→ **TASK PROMPT**: Give the listing again, word for word, and let no picture into it.

→ **DATASET EXCERPTS**:
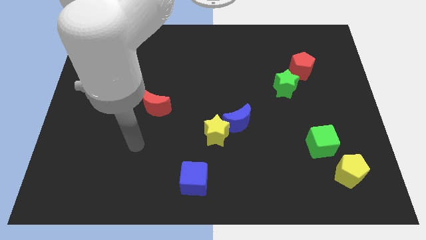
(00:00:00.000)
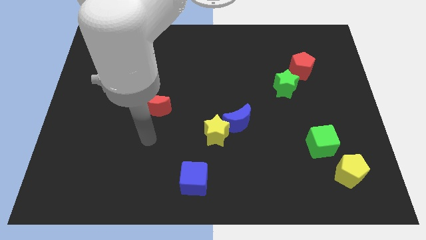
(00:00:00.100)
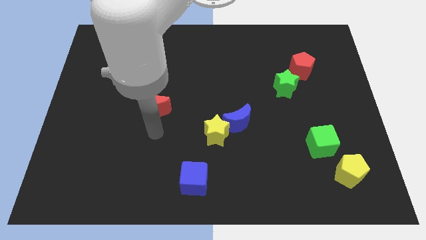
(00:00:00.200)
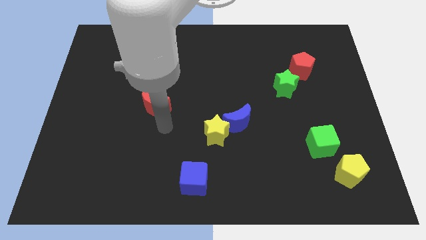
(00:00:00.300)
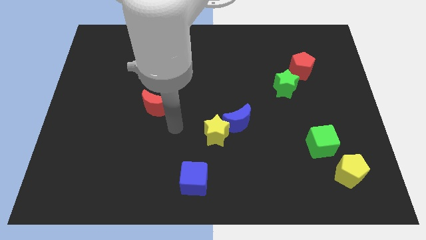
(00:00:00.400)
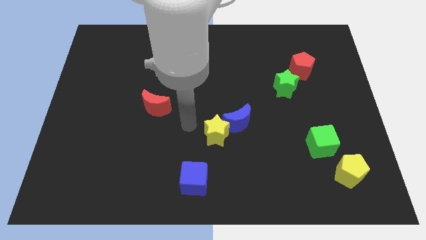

→ **RESPONSE**:
(00:00:00.000)
(00:00:00.100)
(00:00:00.200)
(00:00:00.300)
(00:00:00.400)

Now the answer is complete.